Our research has both clinical and scientific implications. Our study shows that communication between healthcare professionals and persons with MS is of utmost importance. Professionals should be aware that mental health is an important issue for persons with MS in relation to the development of their disease and should ensure that adequate information about mental health and treatment options is provided to those in need. Furthermore, healthcare professionals should respect the experiences of individuals while providing them with evidence-based information about the risk factors for MS to increase their self-efficacy and support them in adopting health-promoting behaviors. Future research should pay more attention to the mental health of persons with MS – in terms of the development and course of their MS and also how current mental health and individual theories impact on self-efficacy and coping with their disease.
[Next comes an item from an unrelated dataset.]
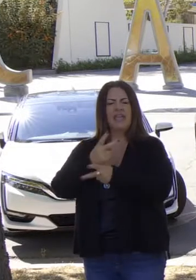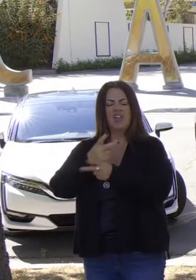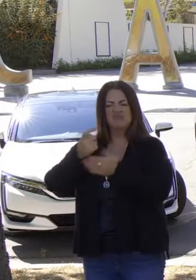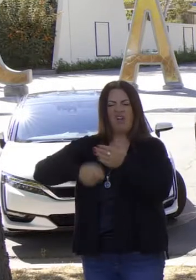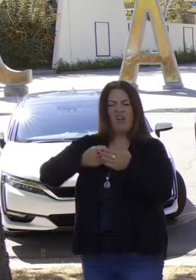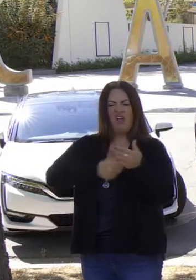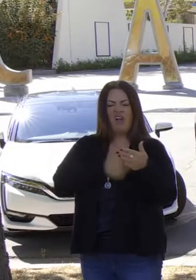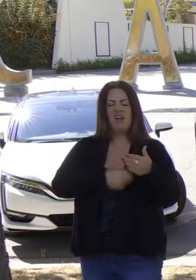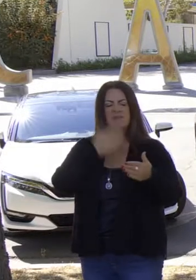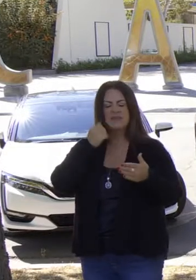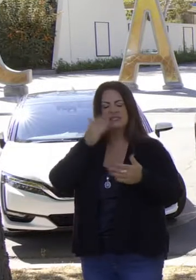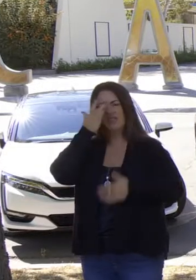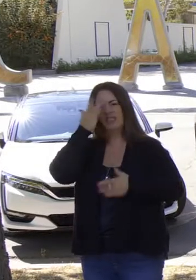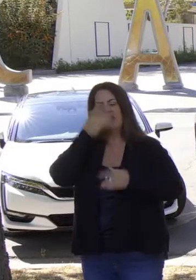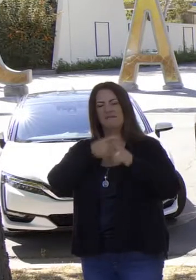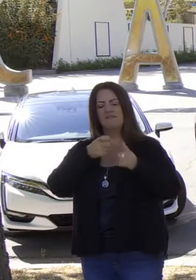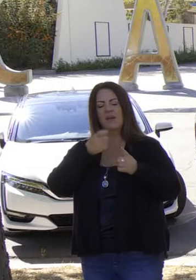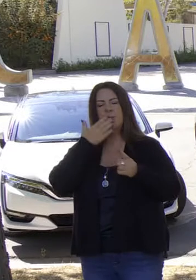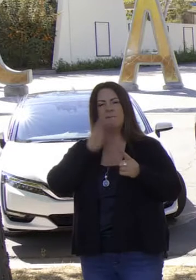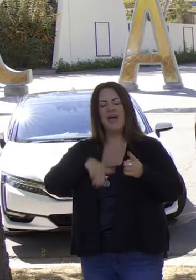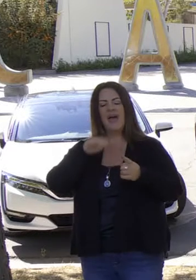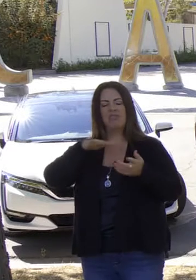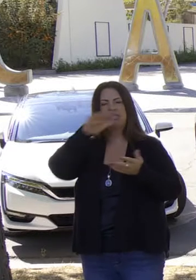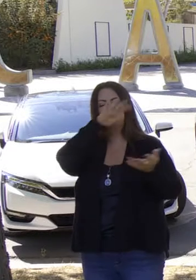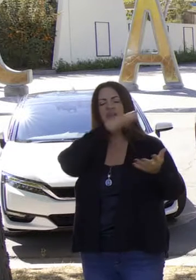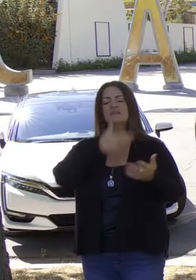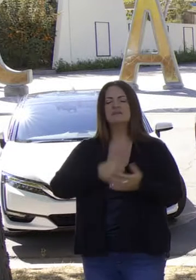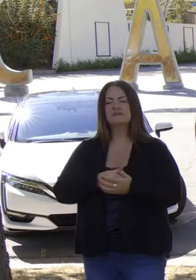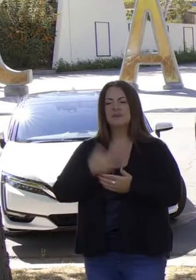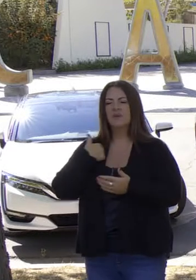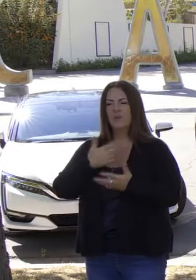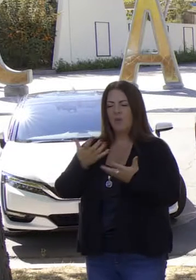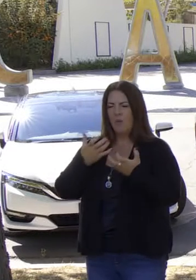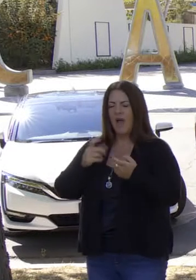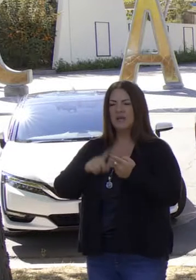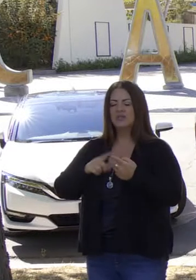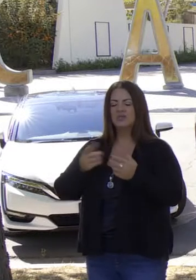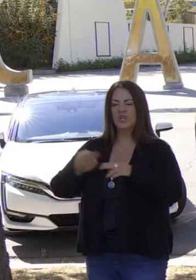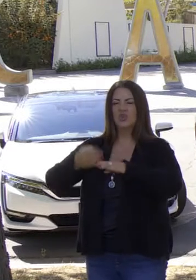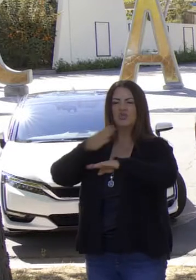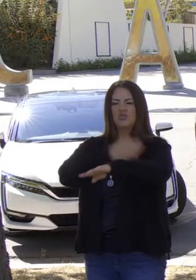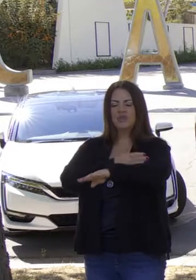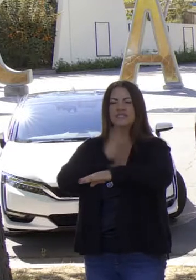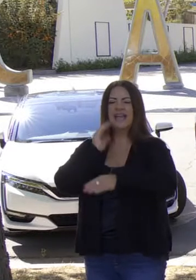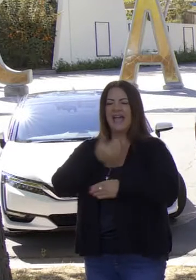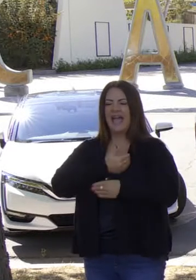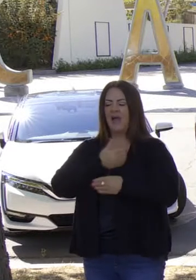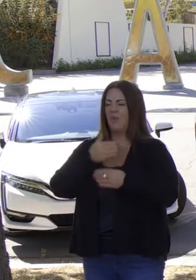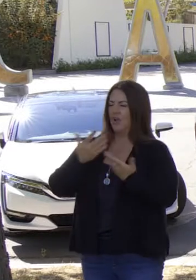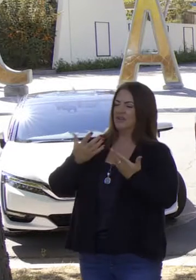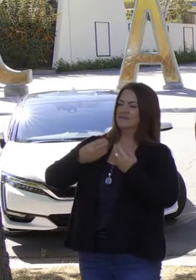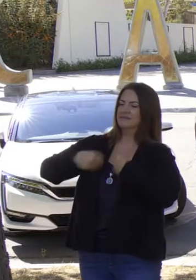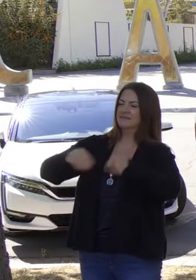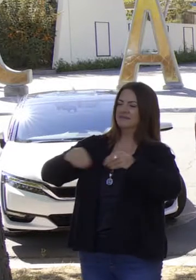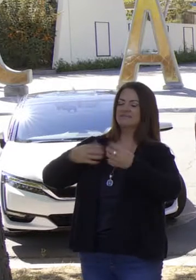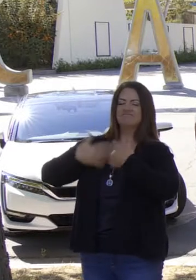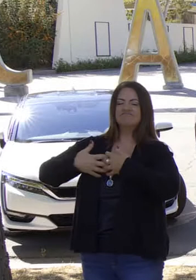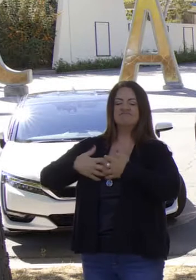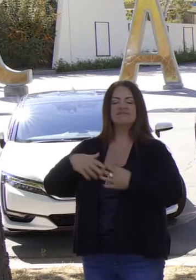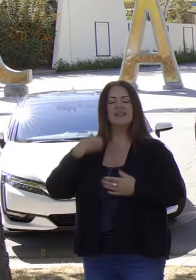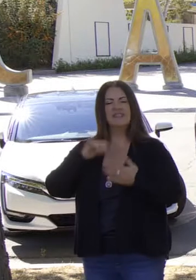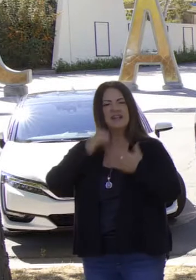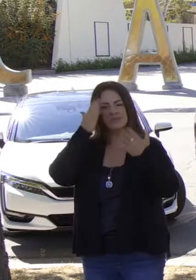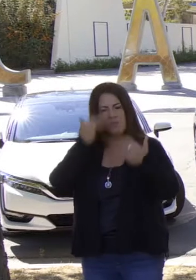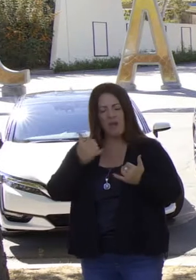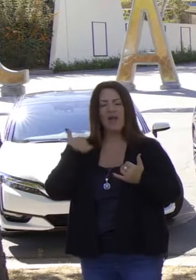costos reducidos de energía y queremos aumentar nuestra base de producción y nuestras exportaciones. Esto

This study examined the theories that people with MS have about the causes of their disease using a state-of-the-art topic modeling approach. Our analysis reveals 19 distinct theory topics, with the most common being Mental Distress, Stress (Exhaustion, Work), Heredity/Familial Aggregation, and Diet, Obesity. These topics are grouped into four high-level categories: physical health, mental health, scientifically established risk factors, and fate/coincidence. Our findings suggest that people with MS associate their disease with a variety of factors, often based on personal experience or available public information, both evidence-based and non-evidence-based. Notably, 53.7% of participants reported stress-related factors as potential risk factors, indicating the high relevance of mental health for people with MS. Our research highlights the importance of communication between healthcare professionals and persons with MS—about the pathogenesis of MS, the scientific evidence for treatment, and the individual theories. Through our research, we want to draw attention to the theories of persons with MS, the importance of mental health issues for them, and encourage health professionals to engage in more patient dialog on this topic. This may have a positive effect on the individual’s adherence to treatment strategies and may also promote self-efficacy. As such, our findings are also informative in terms of support and treatment strategies for MS.